As an example of this design philosophy at work, consider the issue of generated text. Many DTDs, including ISO 12083, either assume or allow for the possibility that the formatting system will generate text such as counters, labels, or the punctuation and connecting text around a list of author names. However, if one uses generated text, then one must also archive the generation rules with the text in order to accurately recreate the original text. We know from experience that journal styles evolve over time; it seemed to us a much better solution to dispense with generated text entirely [Owens, 1996].

The University of Chicago Press approach shows a keen insight into the problems faced by archivists such as libraries. By including more boilerplate text and format information in the SGML file and avoiding generated text, the print version of the article can more easily and faithfully be reproduced from an archive. Blackwell, in the context of explaining their format for structured references, gives further insight into this issue:

Many SGML and XML DTDs consider punctuation to be generated text i.e., the punctuation required is generated by stylesheet rules and is not stored in the document. The disadvantages of relying on stylesheet rules to create generated text are:

1. The XML document is no longer a 'standalone' document

2. The generation rules need to be stored along with the document throughout its life

3. The document cannot be read without applying a process which applies the punctuation rules to the XML document

4. It can be quite inefficient if different rules/templates have to be created to reflect differing punctuation styles across a store of documents

Storing the generated text in an x element in the XML document means that the XML fragment can easily be converted to, for example, simple text, a typesetting format or HTML without the need for complicated templates or rules. If existing rules for generating punctuation are already in place, or if more 'abstract' XML is required, then the contents of the <x> element can be ignored and the rules applied [Blackwell Publishing, 2001].

The range of boilerplate text and formatting publishers include in SGML varies widely. However, inclusion or exclusion is based on publisher policy rather than DTD design because DTDs are not powerful enough to enforce most of these policies. In many cases, even schemas may not be able to enforce them.

DTD Structural Framework

Even if policies for structure/format separation could be enforced in a DTD or schema, a tightly defined structural framework would become unnecessarily restrictive for some publishers:

A narrowly targeted DTD can enforce some of these restrictions, but a broadly targeted one cannot, since it must be adaptable to different house styles if required [Megginson, 1998].

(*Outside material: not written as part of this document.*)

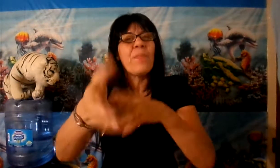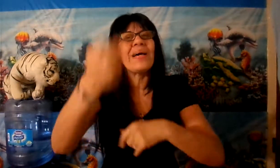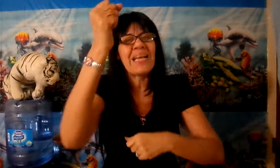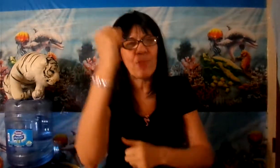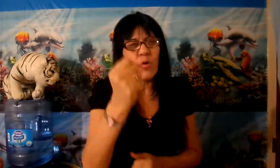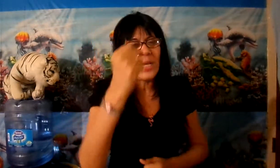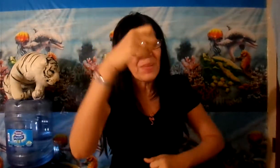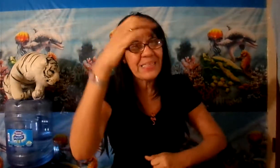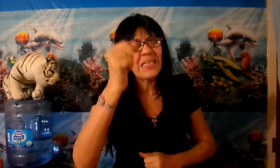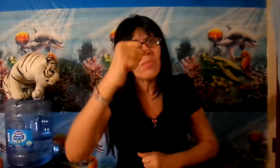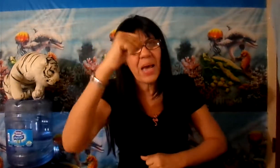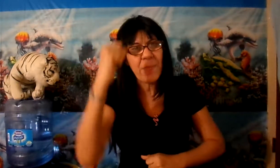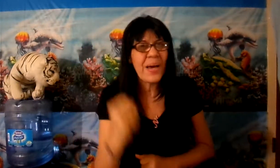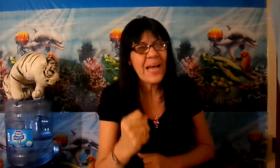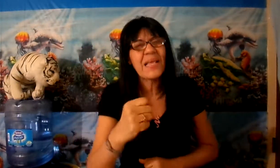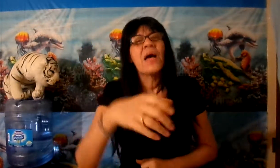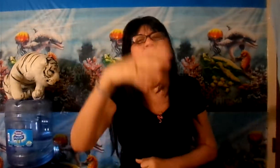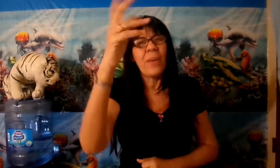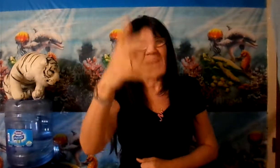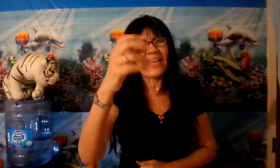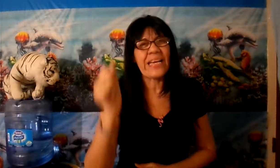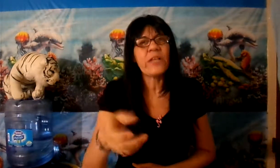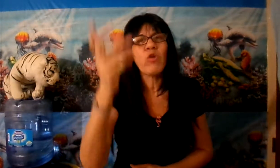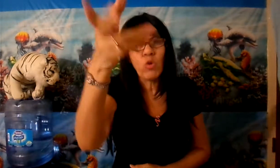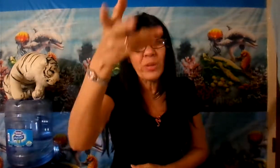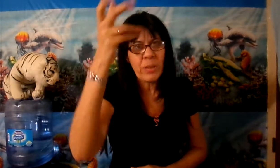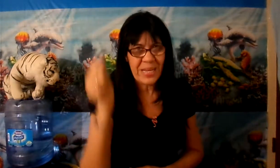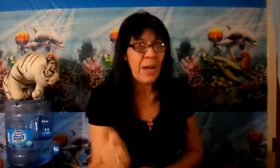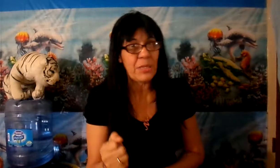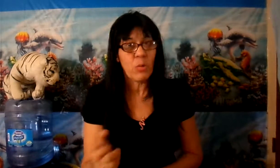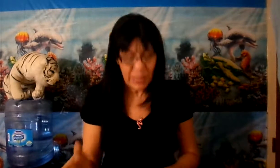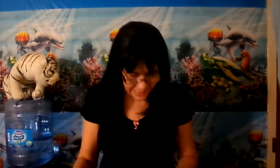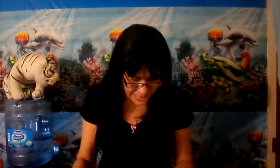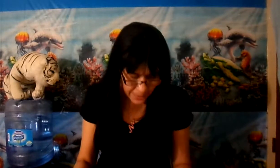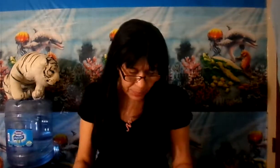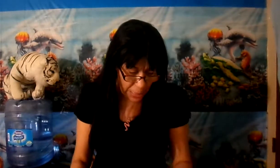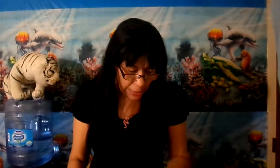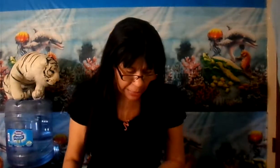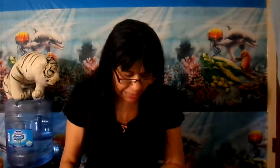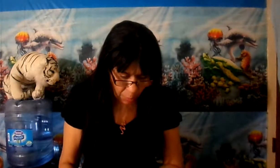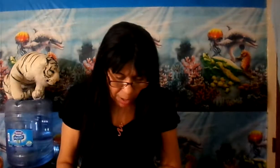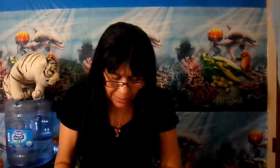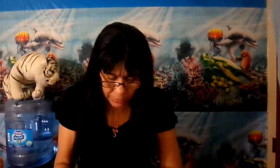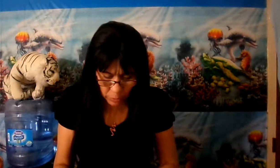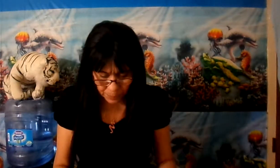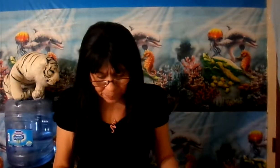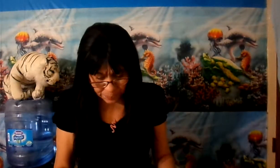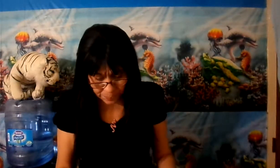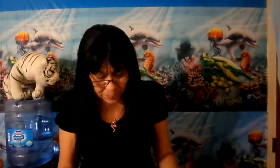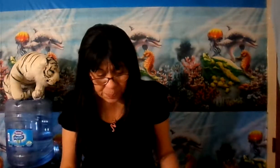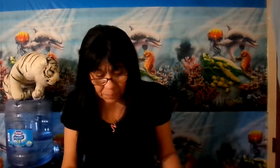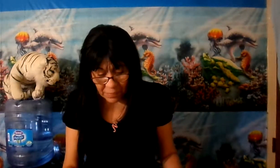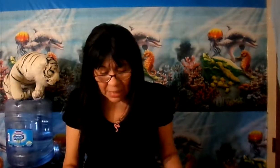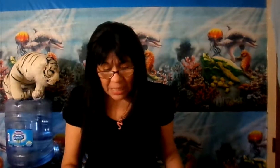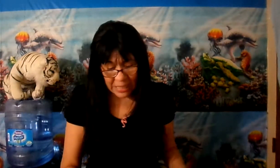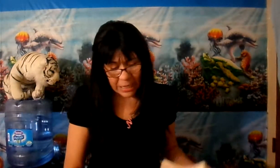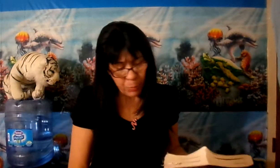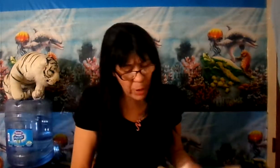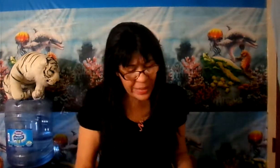para poder mantenerme ahí parada para que Cristo ilumine mi camino, ¿verdad que sí? Y estamos hablando que puede

The problem is multiplied when a DTD must be broadly targeted to accommodate different house styles:

The problem is much more complicated than simply choosing names: authors at the two companies are accustomed to thinking about the structure of their information in very different ways, and a DTD that is well suited to one will work very poorly for another. If you are a DTD designer, there are four broad approaches that you might chose in this situation:

1. you can create a DTD that uses a new, neutral structure, different from either of the existing ones

2. you can impose one of the two structures arbitrarily

3. you can create a DTD that allows either of the two structures as alternatives

4. you can create a less-restrictive DTD that can be adapted to any appropriate structure

Most industry-standard DTDs use the fourth method more often than the others, because the DTDs need to be useful for a wide range of applications within a single industry; but, as a result, the DTDs provide a lower level of guidance for authors, validation for processing, and context-sensitivity for searching [Megginson, 1998].

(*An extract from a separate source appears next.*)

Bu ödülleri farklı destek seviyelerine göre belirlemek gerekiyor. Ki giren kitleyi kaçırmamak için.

Elsevier Science production specifications require most journals to apply one of five standard style sheets to all content. As a reflection of this production model, the Elsevier DTD is somewhat restrictive. Content must conform to Elsevier's structural requirements so that it can be rendered in one of the standard styles. Content does not conform must be changed so that it conforms to the DTD.

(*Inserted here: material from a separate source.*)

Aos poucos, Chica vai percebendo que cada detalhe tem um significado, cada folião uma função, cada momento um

Blackwell Science takes a different approach. Individual journals are permitted to retain their unique styles. In order to accommodate these variations, the DTD is correspondingly less restrictive than the Elsevier DTD, and a greater portion of boilerplate text and formatting is retained in XML files.

The University of Chicago Press chose to retain all boilerplate text and formatting in SGML files. This was a conscious decision driven in part by their requirements to archive all text, exactly as it appeared in print, without the need to archive an accompanying style sheet. As a result, the University of Chicago Press DTD is the least restrictive of these three.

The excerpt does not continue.